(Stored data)

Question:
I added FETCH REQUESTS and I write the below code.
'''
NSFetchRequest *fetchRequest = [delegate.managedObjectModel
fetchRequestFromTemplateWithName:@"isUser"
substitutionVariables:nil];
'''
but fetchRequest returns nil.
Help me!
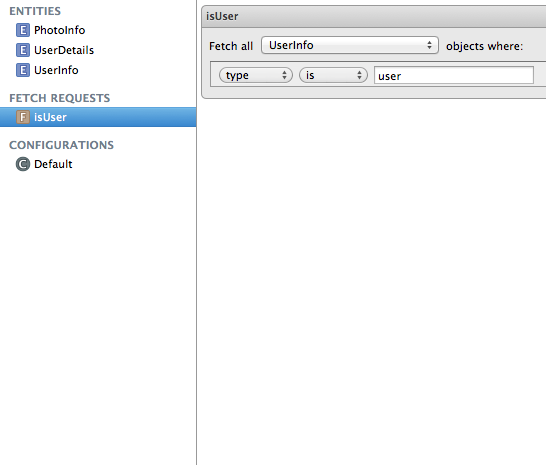
Answer: From the documentation on 'fetchRequestFromTemplateWithName:':
> The variables dictionary must provide values for the variables. If you want to test for a nil value, use [NSNull null].
'''
NSFetchRequest *fetchRequest = [delegate.managedObjectModel
fetchRequestFromTemplateWithName:@"isUser"
substitutionVariables:[NSDictionary dictionaryWithObjectsAndKeys:
@"type", [NSNull null], nil]];
'''
Maybe you are looking for 'fetchRequestTemplateForName:' which works without substitution variables.
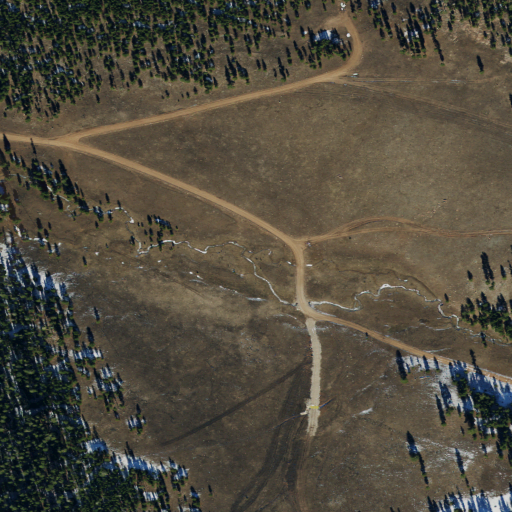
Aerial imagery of plain(s) in Utah named Round Park containing shrub, evergreen forest, open development, and woody wetlands
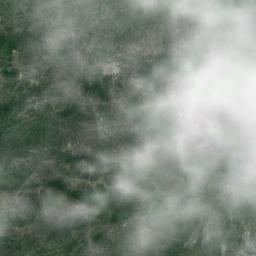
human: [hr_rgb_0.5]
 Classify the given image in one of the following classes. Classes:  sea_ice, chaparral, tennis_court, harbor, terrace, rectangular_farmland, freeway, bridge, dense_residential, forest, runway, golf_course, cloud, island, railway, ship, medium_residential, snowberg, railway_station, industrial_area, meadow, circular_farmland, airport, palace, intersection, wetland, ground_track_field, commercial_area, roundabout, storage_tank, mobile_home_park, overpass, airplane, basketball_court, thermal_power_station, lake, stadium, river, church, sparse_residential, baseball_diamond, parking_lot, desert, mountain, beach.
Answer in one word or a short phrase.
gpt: cloud
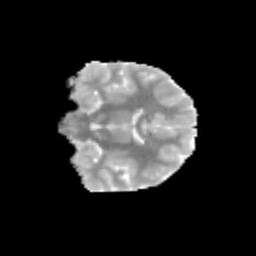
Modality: MD
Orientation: coronal
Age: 12
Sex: female
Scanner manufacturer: siemens
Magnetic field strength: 3 T
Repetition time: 3.8 s
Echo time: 0.07 s
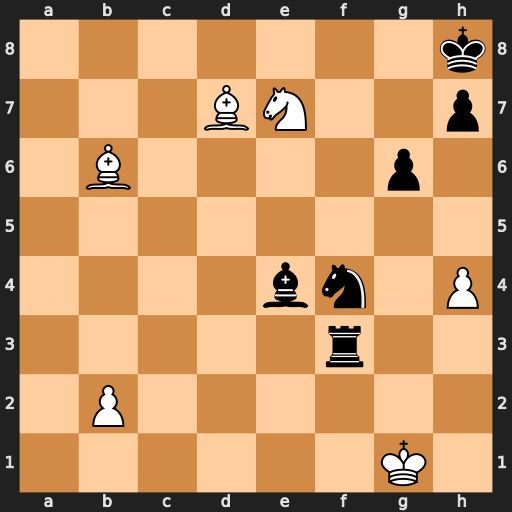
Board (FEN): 7k/3BN2p/1B4p1/8/4bn1P/5r2/1P6/6K1
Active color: w
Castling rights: -
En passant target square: -
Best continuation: Bd4#
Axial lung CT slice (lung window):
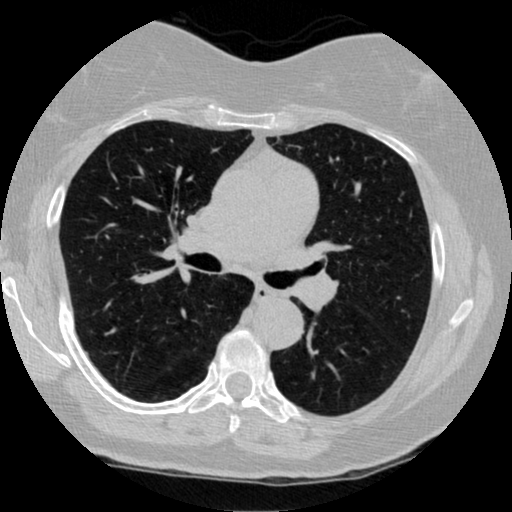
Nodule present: no
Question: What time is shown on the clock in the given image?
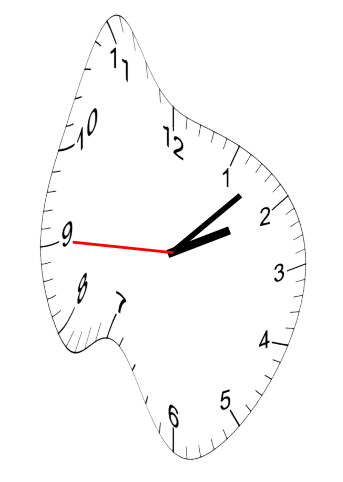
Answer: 02:07:45
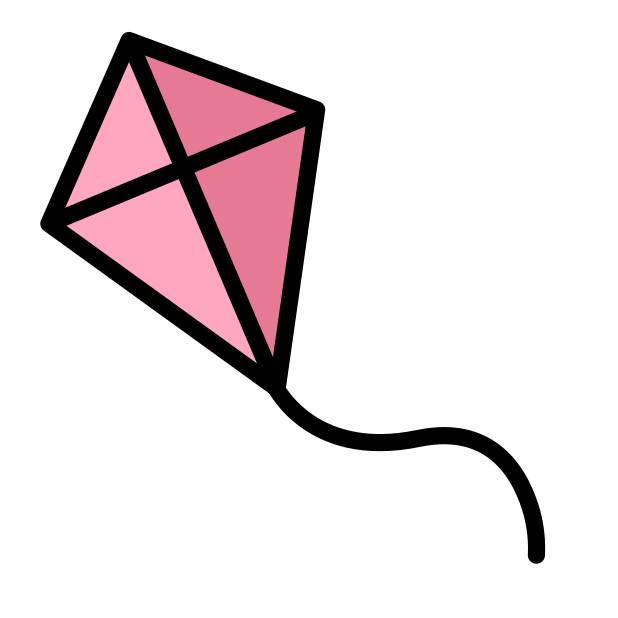
Emoji: 🪁
Name: kite
Unicode: 0x1fa81
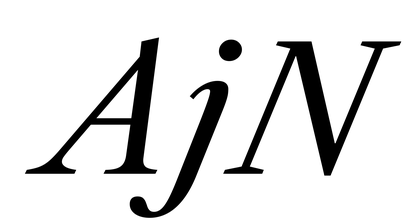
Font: LibreCaslonText-Italic_Italic
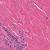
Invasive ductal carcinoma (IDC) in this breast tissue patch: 0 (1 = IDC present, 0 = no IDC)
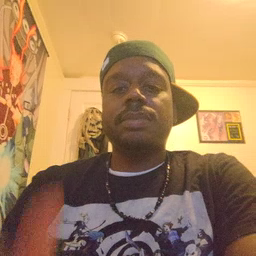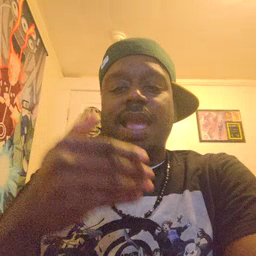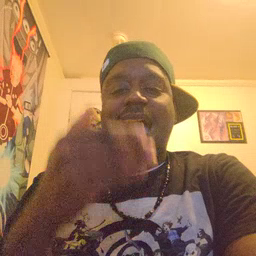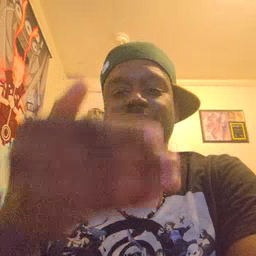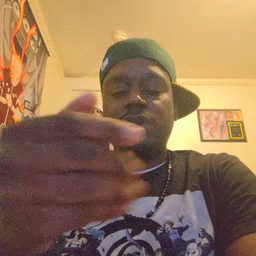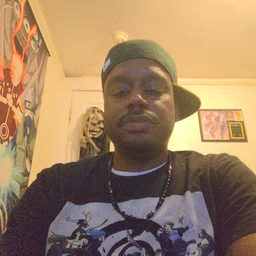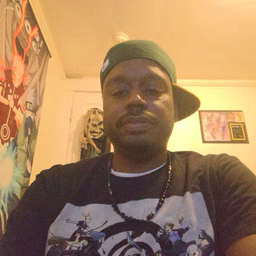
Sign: after
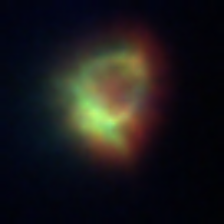
Taxon: Ciliates
Group: Other
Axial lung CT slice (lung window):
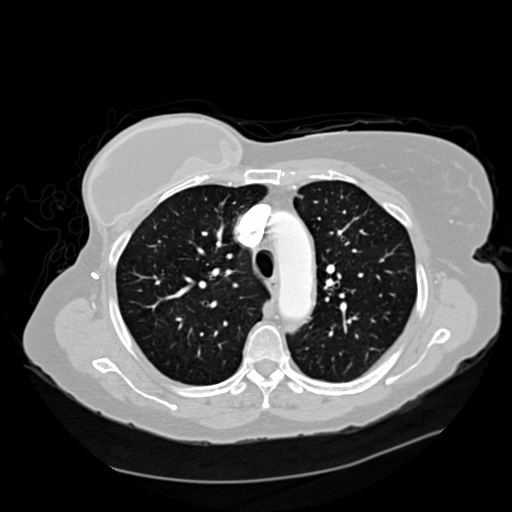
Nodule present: no
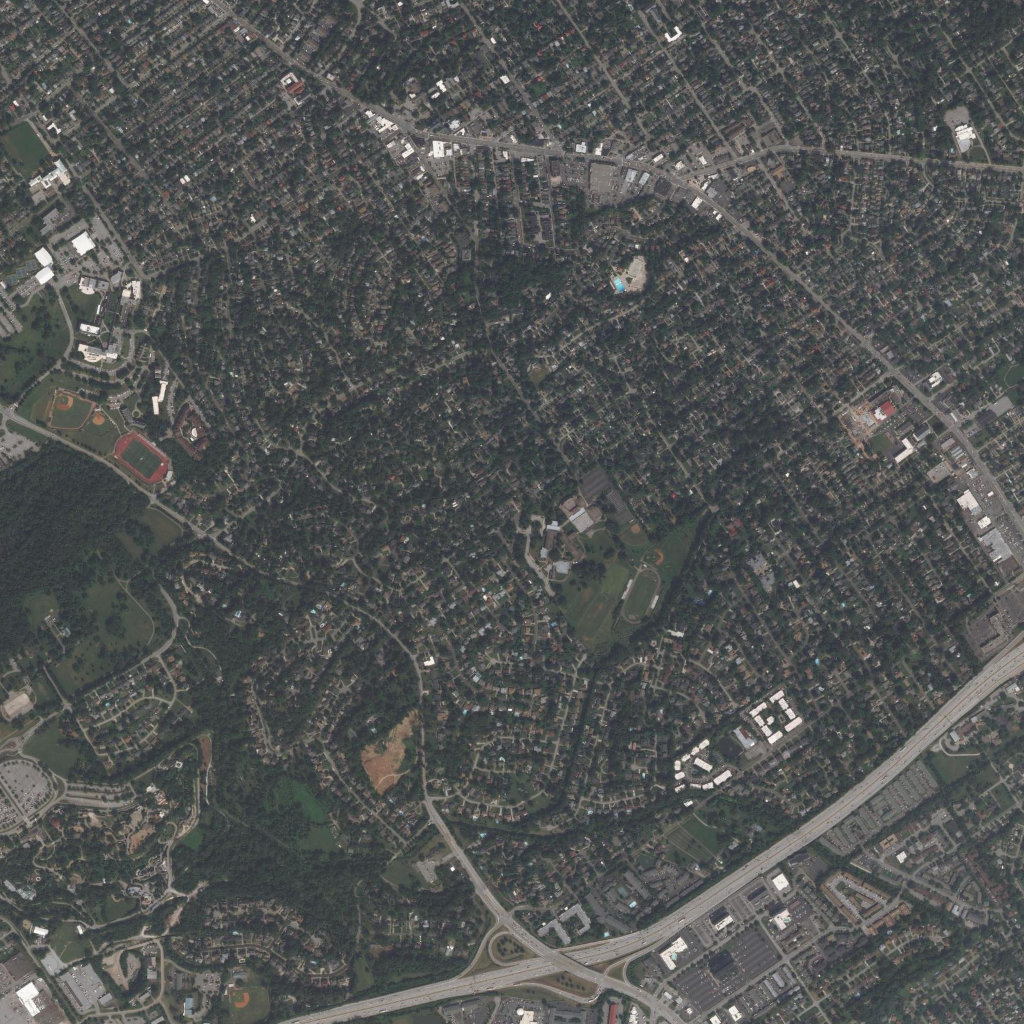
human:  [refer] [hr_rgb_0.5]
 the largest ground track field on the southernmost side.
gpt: <box>[[60, 55, 64, 61, 0]]</box>

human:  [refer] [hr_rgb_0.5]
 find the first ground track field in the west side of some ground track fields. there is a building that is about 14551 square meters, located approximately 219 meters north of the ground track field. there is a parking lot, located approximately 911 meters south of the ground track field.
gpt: <box>[[10, 41, 16, 47, 0]]</box>
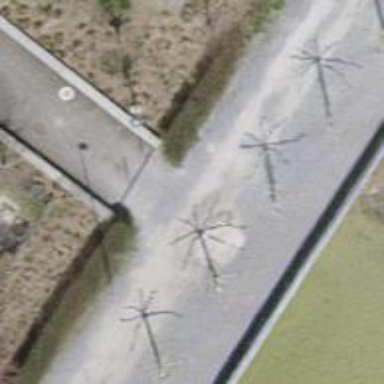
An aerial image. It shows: Bollard barrier.

▶ **PROBLEM DETAILS**:
Copy only what lies between the line with "Answer in one word or a short phrase." and the line with "Font: LibreCaslonText-Italic_Italic", those two lines included, exactly as given above; pictures stay out.

▶ **EXPECTED ANSWER**:
Answer in one word or a short phrase.
gpt: cloud
Modality: MD
Orientation: coronal
Age: 12
Sex: female
Scanner manufacturer: siemens
Magnetic field strength: 3 T
Repetition time: 3.8 s
Echo time: 0.07 s
Board (FEN): 7k/3BN2p/1B4p1/8/4bn1P/5r2/1P6/6K1
Active color: w
Castling rights: -
En passant target square: -
Best continuation: Bd4#
Axial lung CT slice (lung window):
Nodule present: no
Question: What time is shown on the clock in the given image?
Answer: 02:07:45
Emoji: 🪁
Name: kite
Unicode: 0x1fa81
Font: LibreCaslonText-Italic_Italic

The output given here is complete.